Methane has a value that is only equal to its heat energy content, because at commercial scale, pretty much the only other thing that you can make from it that has any value is syngas. In a decarbonized future, fossil methane will be almost worthless. That has led some people to conclude that it would make sense to make hydrogen from methane with carbon capture and storage (so-called “blue” hydrogen, which I call “blackish blue, bruise-coloured hydrogen”)
https://www.linkedin.com/pulse/blackish-blue-bruise-coloured-hydrogen-spitfire-research-inc
Others realize that CCS is expensive, and that throwing away solid things is cheaper than burying giant quantities of gases. Accordingly, they’ve concluded that it might make sense to pyrolyze methane just to make hydrogen, throwing away ½ of the feed energy and 3/4 of its mass into low value applications. My bet is that they’re wrong.
https://www.linkedin.com/pulse/hydrogen-methane-pyrolysis-paul-martin-vacnc
Certainly companies like Monolith, who make a truly valuable carbon product, and Transform who make a valuable chemical (acetylene) instead of carbon, have an easier shot at having a real business than those who want to sell only hydrogen. But if you must sell carbon as a valuable product to have viable economics, methane pyrolysis will simply never be a major source of hydrogen. As my article linked above makes clear, all you need to understand that is a very basic mass balance.
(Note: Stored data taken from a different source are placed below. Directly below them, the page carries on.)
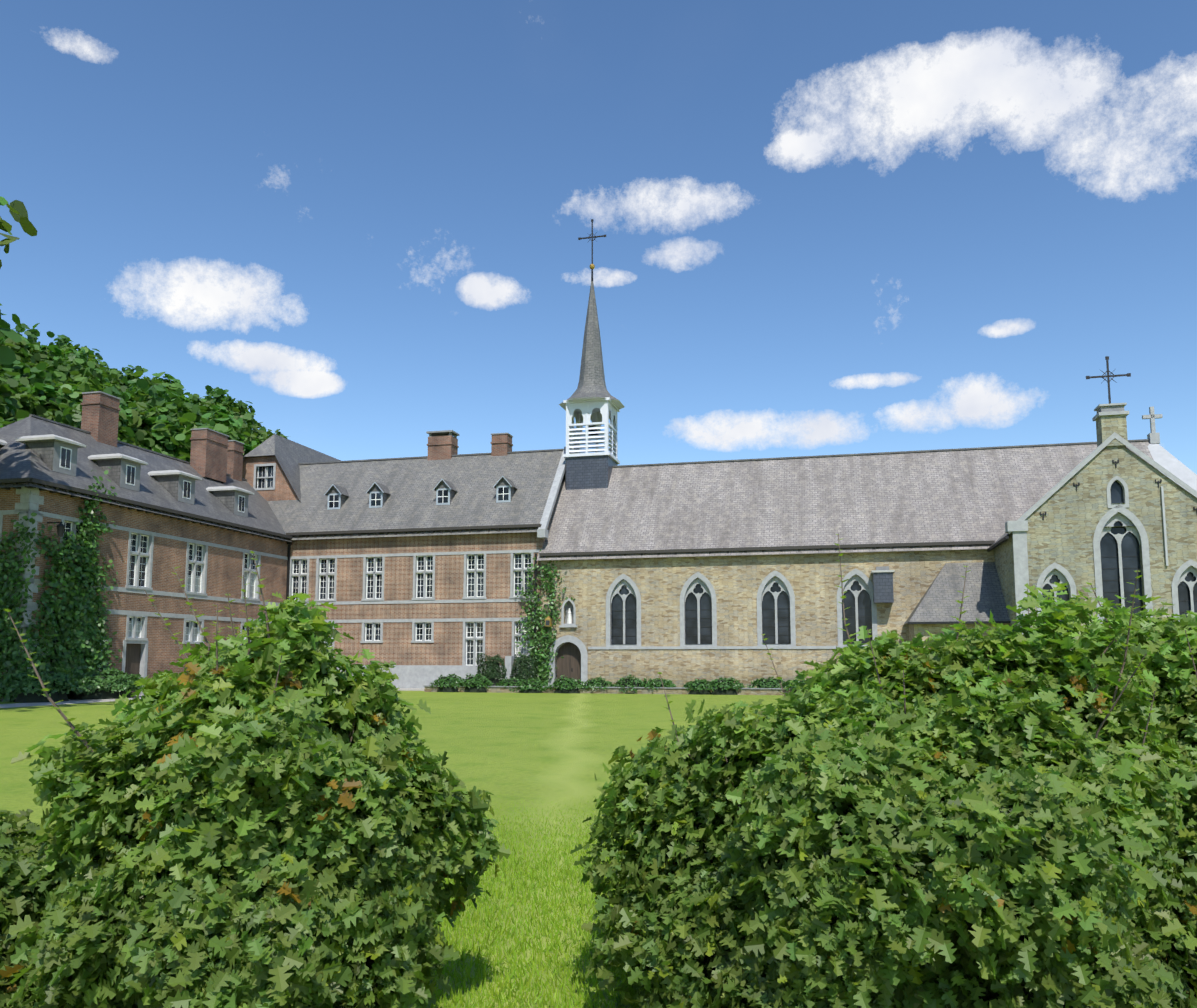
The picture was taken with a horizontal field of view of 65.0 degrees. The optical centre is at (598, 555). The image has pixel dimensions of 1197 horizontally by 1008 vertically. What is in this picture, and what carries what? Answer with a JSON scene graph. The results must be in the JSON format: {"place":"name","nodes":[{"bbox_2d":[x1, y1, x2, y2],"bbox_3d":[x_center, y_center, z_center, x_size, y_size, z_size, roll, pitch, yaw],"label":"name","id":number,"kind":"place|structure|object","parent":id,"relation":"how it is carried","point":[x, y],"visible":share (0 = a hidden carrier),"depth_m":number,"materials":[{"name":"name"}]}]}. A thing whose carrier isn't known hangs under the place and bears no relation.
{"place":"outdoors","nodes":[
{"label":"outdoors","id":0,"kind":"place"},
{"bbox_2d":[0,688,424,707],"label":"gravel path","id":1,"kind":"structure","parent":0,"point":[101,700],"depth_m":35.14,"materials":[{"name":"grey gravel"}]},
{"bbox_2d":[1,665,82,702],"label":"shrub","id":2,"kind":"object","parent":1,"relation":"on","point":[28,682],"depth_m":35.28,"materials":[{"name":"green plant"}]},
{"bbox_2d":[63,668,143,699],"bbox_3d":[-20.453,5.265,38.892,2.554,1.288,4.186,-2,-6,14],"label":"shrub","id":3,"kind":"object","parent":1,"relation":"on","point":[125,681],"depth_m":38.09,"materials":[{"name":"green plant"}]},
{"bbox_2d":[475,653,506,685],"bbox_3d":[-5.519,6.047,49.154,1.811,1.948,1.462,-2,-6,14],"label":"shrub","id":4,"kind":"object","parent":1,"relation":"on","point":[489,659],"depth_m":48.76,"materials":[{"name":"green plant"}]},
{"bbox_2d":[510,653,538,680],"bbox_3d":[-3.831,6.034,48.800,1.526,1.899,1.357,-2,-6,14],"label":"shrub","id":5,"kind":"object","parent":1,"relation":"on","point":[523,658],"depth_m":48.42,"materials":[{"name":"green plant"}]},
{"bbox_2d":[0,690,784,1007],"bbox_3d":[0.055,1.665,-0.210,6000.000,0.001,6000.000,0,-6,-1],"label":"ground","id":6,"kind":"structure","parent":0,"point":[503,745],"depth_m":17.42,"materials":[{"name":"green plant"}]},
{"bbox_2d":[0,196,36,364],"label":"tree","id":7,"kind":"object","parent":6,"relation":"on","point":[18,211],"visible":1,"depth_m":31.75,"materials":[{"name":"green plant"}]},
{"bbox_2d":[0,809,70,1007],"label":"hawthorn bush","id":8,"kind":"object","parent":6,"relation":"on","point":[21,860],"depth_m":3.82,"materials":[{"name":"green plant"}]},
{"bbox_2d":[7,550,509,1007],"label":"hawthorn bush","id":9,"kind":"object","parent":6,"relation":"on","point":[340,858],"depth_m":3.62,"materials":[{"name":"green plant"}]},
{"bbox_2d":[4,551,325,750],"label":"twigs","id":10,"kind":"object","parent":9,"relation":"on","point":[179,642],"visible":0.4,"depth_m":3.89,"materials":[{"name":"green plant"}]},
{"bbox_2d":[421,787,686,1007],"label":"lawn","id":11,"kind":"structure","parent":6,"relation":"on","point":[511,973],"depth_m":5.73,"materials":[{"name":"green plant"}]},
{"bbox_2d":[0,219,1196,701],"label":"abbey buildings","id":12,"kind":"structure","parent":6,"relation":"on","point":[414,569],"depth_m":48.38,"materials":[{"name":"stone"}]},
{"bbox_2d":[0,512,45,701],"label":"ivy","id":13,"kind":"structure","parent":12,"relation":"attached to","point":[7,643],"depth_m":36.07,"materials":[{"name":"green plant"}]},
{"bbox_2d":[12,467,122,698],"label":"ivy","id":14,"kind":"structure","parent":12,"relation":"attached to","point":[78,633],"depth_m":38.49,"materials":[{"name":"green plant"}]},
{"bbox_2d":[515,549,574,685],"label":"climbing ivy","id":15,"kind":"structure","parent":12,"relation":"attached to","point":[541,675],"depth_m":49.65,"materials":[{"name":"green plant"}]},
{"bbox_2d":[423,656,800,694],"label":"shrub border","id":16,"kind":"structure","parent":6,"relation":"on","point":[509,661],"depth_m":43.77,"materials":[{"name":"leaf"},{"name":"twig"}]},
{"bbox_2d":[570,533,1196,1007],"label":"hawthorn bush","id":17,"kind":"object","parent":6,"relation":"on","point":[958,772],"depth_m":3.86,"materials":[{"name":"green plant"}]},
{"bbox_2d":[658,534,1158,808],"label":"twigs","id":18,"kind":"object","parent":17,"relation":"attached to","point":[958,628],"visible":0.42,"depth_m":4.39,"materials":[{"name":"green plant"}]},
{"bbox_2d":[1061,583,1196,981],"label":"hawthorn bush","id":19,"kind":"object","parent":6,"relation":"on","point":[1160,638],"depth_m":4.54,"materials":[{"name":"green plant"}]},
{"bbox_2d":[1086,582,1196,701],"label":"twigs","id":20,"kind":"object","parent":19,"relation":"attached to","point":[1191,653],"visible":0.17,"depth_m":4.36,"materials":[{"name":"green plant"}]},
{"bbox_2d":[429,673,465,691],"bbox_3d":[-7.348,6.232,46.002,1.886,0.901,1.096,-2,-6,14],"label":"shrub","id":21,"kind":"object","parent":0,"point":[456,682],"depth_m":45.73,"materials":[{"name":"green plant"}]},
{"bbox_2d":[460,673,492,692],"bbox_3d":[-5.984,6.160,45.658,1.926,0.969,1.075,-2,-6,14],"label":"shrub","id":22,"kind":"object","parent":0,"point":[487,682],"depth_m":45.34,"materials":[{"name":"green plant"}]},
{"bbox_2d":[495,676,525,690],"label":"shrub","id":23,"kind":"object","parent":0,"point":[500,683],"depth_m":45.30,"materials":[{"name":"green plant"}]},
{"bbox_2d":[511,677,548,692],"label":"shrub","id":24,"kind":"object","parent":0,"point":[537,683],"depth_m":44.65,"materials":[{"name":"green plant"}]},
{"bbox_2d":[548,675,588,692],"bbox_3d":[-1.435,6.085,44.460,2.030,0.860,1.171,-2,-6,14],"label":"shrub","id":25,"kind":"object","parent":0,"point":[558,684],"depth_m":44.18,"materials":[{"name":"green plant"}]},
{"bbox_2d":[0,0,1196,474],"label":"sky","id":26,"kind":"structure","parent":0,"point":[830,227],"materials":[{"name":"blue"}]},
{"bbox_2d":[583,676,614,689],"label":"shrub","id":27,"kind":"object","parent":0,"point":[608,683],"depth_m":44.17,"materials":[{"name":"green plant"}]},
{"bbox_2d":[614,674,645,693],"bbox_3d":[1.555,6.017,44.013,1.787,0.898,1.046,-2,-6,14],"label":"shrub","id":28,"kind":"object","parent":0,"point":[629,677],"depth_m":43.79,"materials":[{"name":"green plant"}]},
{"bbox_2d":[641,676,675,689],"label":"shrub","id":29,"kind":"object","parent":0,"point":[668,682],"depth_m":43.45,"materials":[{"name":"green plant"}]},
{"bbox_2d":[683,679,714,694],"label":"shrub","id":30,"kind":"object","parent":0,"point":[689,683],"depth_m":42.80,"materials":[{"name":"green plant"}]},
{"bbox_2d":[707,677,744,694],"bbox_3d":[5.752,5.922,42.738,1.964,0.811,1.166,-2,-6,14],"label":"shrub","id":31,"kind":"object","parent":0,"point":[736,685],"depth_m":42.48,"materials":[{"name":"green plant"}]},
{"bbox_2d":[747,676,784,687],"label":"shrub","id":32,"kind":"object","parent":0,"point":[754,683],"depth_m":42.37,"materials":[{"name":"green plant"}]},
{"bbox_2d":[777,679,807,693],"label":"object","id":33,"kind":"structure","parent":0,"point":[788,683],"depth_m":41.94,"materials":[{"name":"green plant"}]},
{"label":"hill","id":34,"kind":"structure","parent":0,"visible":0},
{"bbox_2d":[0,384,17,425],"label":"hill tree","id":35,"kind":"object","parent":34,"relation":"on","point":[5,407],"visible":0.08,"depth_m":79.61,"materials":[{"name":"green plant"}]},
{"bbox_2d":[0,365,19,425],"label":"hill tree","id":36,"kind":"object","parent":34,"relation":"on","point":[5,389],"visible":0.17,"depth_m":80.06,"materials":[{"name":"green plant"}]},
{"bbox_2d":[0,410,29,427],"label":"hill tree","id":37,"kind":"object","parent":34,"relation":"on","point":[21,414],"depth_m":72.89,"materials":[{"name":"green plant"}]},
{"bbox_2d":[16,355,34,368],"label":"hill tree","id":38,"kind":"object","parent":34,"relation":"on","point":[28,364],"visible":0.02,"depth_m":99.99,"materials":[{"name":"green plant"}]},
{"bbox_2d":[0,323,63,381],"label":"hill tree","id":39,"kind":"object","parent":34,"relation":"on","point":[29,349],"visible":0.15,"depth_m":109.14,"materials":[{"name":"green plant"}]},
{"bbox_2d":[0,343,69,385],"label":"hill tree","id":40,"kind":"object","parent":34,"relation":"on","point":[18,365],"visible":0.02,"depth_m":92.94,"materials":[{"name":"green plant"}]},
{"bbox_2d":[6,387,68,419],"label":"hill tree","id":41,"kind":"object","parent":34,"relation":"on","point":[22,397],"visible":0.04,"depth_m":84.56,"materials":[{"name":"green plant"}]},
{"bbox_2d":[9,362,80,420],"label":"hill tree","id":42,"kind":"object","parent":34,"relation":"on","point":[41,391],"visible":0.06,"depth_m":86.90,"materials":[{"name":"green plant"}]},
{"bbox_2d":[9,377,106,412],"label":"hill tree","id":43,"kind":"object","parent":34,"relation":"on","point":[86,385],"visible":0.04,"depth_m":89.33,"materials":[{"name":"green plant"}]},
{"bbox_2d":[41,331,109,369],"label":"hill tree","id":44,"kind":"object","parent":34,"relation":"on","point":[62,341],"visible":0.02,"depth_m":130.94,"materials":[{"name":"green plant"}]},
{"bbox_2d":[57,344,109,371],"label":"hill tree","id":45,"kind":"object","parent":34,"relation":"on","point":[90,352],"visible":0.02,"depth_m":127.64,"materials":[{"name":"green plant"}]},
{"bbox_2d":[44,352,126,394],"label":"hill tree","id":46,"kind":"object","parent":34,"relation":"on","point":[77,367],"visible":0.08,"depth_m":102.80,"materials":[{"name":"green plant"}]},
{"bbox_2d":[57,346,126,376],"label":"hill tree","id":47,"kind":"object","parent":34,"relation":"on","point":[68,351],"depth_m":123.15,"materials":[{"name":"green plant"}]},
{"bbox_2d":[54,386,162,448],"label":"hill tree","id":48,"kind":"object","parent":34,"relation":"on","point":[130,429],"visible":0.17,"depth_m":77.50,"materials":[{"name":"green plant"}]},
{"bbox_2d":[96,365,163,398],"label":"hill tree","id":49,"kind":"object","parent":34,"relation":"on","point":[140,368],"depth_m":110.78,"materials":[{"name":"green plant"}]},
{"bbox_2d":[123,391,151,408],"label":"hill tree","id":50,"kind":"object","parent":34,"relation":"on","point":[131,402],"visible":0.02,"depth_m":99.37,"materials":[{"name":"green plant"}]},
{"bbox_2d":[122,377,180,403],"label":"hill tree","id":51,"kind":"object","parent":34,"relation":"on","point":[134,388],"depth_m":102.90,"materials":[{"name":"green plant"}]},
{"bbox_2d":[117,371,190,402],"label":"hill tree","id":52,"kind":"object","parent":34,"relation":"on","point":[176,386],"visible":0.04,"depth_m":112.48,"materials":[{"name":"green plant"}]},
{"bbox_2d":[119,378,213,454],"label":"hill tree","id":53,"kind":"object","parent":34,"relation":"on","point":[160,408],"visible":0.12,"depth_m":80.62,"materials":[{"name":"green plant"}]},
{"bbox_2d":[144,387,223,448],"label":"hill tree","id":54,"kind":"object","parent":34,"relation":"on","point":[174,395],"depth_m":85.93,"materials":[{"name":"green plant"}]},
{"bbox_2d":[147,409,258,461],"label":"hill tree","id":55,"kind":"object","parent":34,"relation":"on","point":[228,425],"visible":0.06,"depth_m":77.63,"materials":[{"name":"green plant"}]},
{"bbox_2d":[188,387,218,401],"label":"hill tree","id":56,"kind":"object","parent":34,"relation":"on","point":[202,400],"depth_m":149.57,"materials":[{"name":"green plant"}]},
{"bbox_2d":[183,388,254,421],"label":"hill tree","id":57,"kind":"object","parent":34,"relation":"on","point":[196,398],"depth_m":130.76,"materials":[{"name":"green plant"}]},
{"bbox_2d":[197,385,265,443],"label":"hill tree","id":58,"kind":"object","parent":34,"relation":"on","point":[240,405],"visible":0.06,"depth_m":118.65,"materials":[{"name":"green plant"}]},
{"bbox_2d":[204,389,258,432],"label":"hill tree","id":59,"kind":"object","parent":34,"relation":"on","point":[218,394],"visible":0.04,"depth_m":117.51,"materials":[{"name":"green plant"}]},
{"bbox_2d":[209,414,272,446],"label":"hill tree","id":60,"kind":"object","parent":34,"relation":"on","point":[262,438],"visible":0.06,"depth_m":105.84,"materials":[{"name":"green plant"}]},
{"bbox_2d":[252,429,289,440],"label":"hill tree","id":61,"kind":"object","parent":34,"relation":"on","point":[277,432],"visible":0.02,"depth_m":120.66,"materials":[{"name":"green plant"}]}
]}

Finally, it’s possible to make hydrogen as a byproduct of making other chemicals, including sulphuric acid. If you do it the right way, the result is a dramatic (~50%) reduction in the electrical energy required to make a kg of hydrogen from water. My client Peregrine Hydrogen is doing just that. In their case, the same customers want the hydrogen and the sulphuric acid, so it has obvious market traction.
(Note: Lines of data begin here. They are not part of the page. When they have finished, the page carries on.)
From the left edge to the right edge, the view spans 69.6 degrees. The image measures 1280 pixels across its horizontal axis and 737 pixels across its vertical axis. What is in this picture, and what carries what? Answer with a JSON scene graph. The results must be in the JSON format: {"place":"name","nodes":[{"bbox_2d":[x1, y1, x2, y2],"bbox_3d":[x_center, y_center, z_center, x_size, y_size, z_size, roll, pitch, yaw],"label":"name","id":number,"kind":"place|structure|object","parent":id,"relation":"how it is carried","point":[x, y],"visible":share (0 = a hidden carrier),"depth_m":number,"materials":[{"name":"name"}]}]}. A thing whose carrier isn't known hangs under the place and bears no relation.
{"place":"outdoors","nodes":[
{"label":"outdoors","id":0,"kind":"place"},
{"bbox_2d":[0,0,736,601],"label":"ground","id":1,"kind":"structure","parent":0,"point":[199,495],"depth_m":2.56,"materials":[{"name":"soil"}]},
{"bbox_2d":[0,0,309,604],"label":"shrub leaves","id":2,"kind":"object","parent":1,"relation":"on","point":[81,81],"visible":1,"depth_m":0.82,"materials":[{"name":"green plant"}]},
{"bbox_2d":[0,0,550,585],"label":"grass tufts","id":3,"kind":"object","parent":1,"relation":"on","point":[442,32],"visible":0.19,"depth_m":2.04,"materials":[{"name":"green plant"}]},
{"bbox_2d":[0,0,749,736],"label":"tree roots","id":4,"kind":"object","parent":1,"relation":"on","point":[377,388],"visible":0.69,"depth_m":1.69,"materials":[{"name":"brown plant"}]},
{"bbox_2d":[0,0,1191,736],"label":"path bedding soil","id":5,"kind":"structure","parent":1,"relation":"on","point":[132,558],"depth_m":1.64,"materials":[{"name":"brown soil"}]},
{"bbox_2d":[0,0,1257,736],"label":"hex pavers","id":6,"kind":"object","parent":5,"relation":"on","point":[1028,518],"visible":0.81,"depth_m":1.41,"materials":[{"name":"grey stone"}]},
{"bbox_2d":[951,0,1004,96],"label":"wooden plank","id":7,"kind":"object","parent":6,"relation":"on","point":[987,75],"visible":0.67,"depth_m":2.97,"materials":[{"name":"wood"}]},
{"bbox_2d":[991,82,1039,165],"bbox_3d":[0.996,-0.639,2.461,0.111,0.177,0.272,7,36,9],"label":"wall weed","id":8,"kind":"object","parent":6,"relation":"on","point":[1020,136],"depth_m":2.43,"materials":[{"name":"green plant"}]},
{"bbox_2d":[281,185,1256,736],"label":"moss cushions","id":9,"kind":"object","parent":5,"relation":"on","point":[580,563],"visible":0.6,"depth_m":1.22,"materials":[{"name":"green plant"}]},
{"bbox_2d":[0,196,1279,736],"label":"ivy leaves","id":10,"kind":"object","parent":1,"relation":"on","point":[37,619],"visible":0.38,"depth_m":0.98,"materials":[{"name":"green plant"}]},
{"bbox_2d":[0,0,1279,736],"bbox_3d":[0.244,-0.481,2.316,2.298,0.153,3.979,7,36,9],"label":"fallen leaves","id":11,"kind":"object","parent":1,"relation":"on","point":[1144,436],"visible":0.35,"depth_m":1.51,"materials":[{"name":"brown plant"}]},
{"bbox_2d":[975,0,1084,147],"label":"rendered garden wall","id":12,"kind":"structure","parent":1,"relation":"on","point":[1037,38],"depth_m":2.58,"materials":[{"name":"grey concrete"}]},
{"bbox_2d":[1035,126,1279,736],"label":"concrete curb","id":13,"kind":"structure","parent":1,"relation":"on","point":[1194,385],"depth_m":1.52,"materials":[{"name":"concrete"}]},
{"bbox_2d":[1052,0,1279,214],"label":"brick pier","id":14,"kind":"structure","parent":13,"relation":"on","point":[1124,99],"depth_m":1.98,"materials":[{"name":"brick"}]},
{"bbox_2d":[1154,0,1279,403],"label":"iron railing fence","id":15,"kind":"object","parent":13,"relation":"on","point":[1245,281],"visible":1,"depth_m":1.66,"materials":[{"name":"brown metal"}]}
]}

Disclaimer: this article has been written by a human, who found the section about aluminium production to be particularly hard to write- there’s too much contradictory and poorly referenced data available to a cursory search, and an in-depth review of numerous LCAs was beyond my needs in this paper. If you find good references which identify mistakes in my analysis, I’ll be happy to go back and correct my work, within reason, especially if it meaningfully affects the conclusions.
If, however, I’ve taken a dump on your pet commercial idea, feel free to contact my employer, Spitfire Research Inc., which will be quite happy to tell you to piss off and write your own article.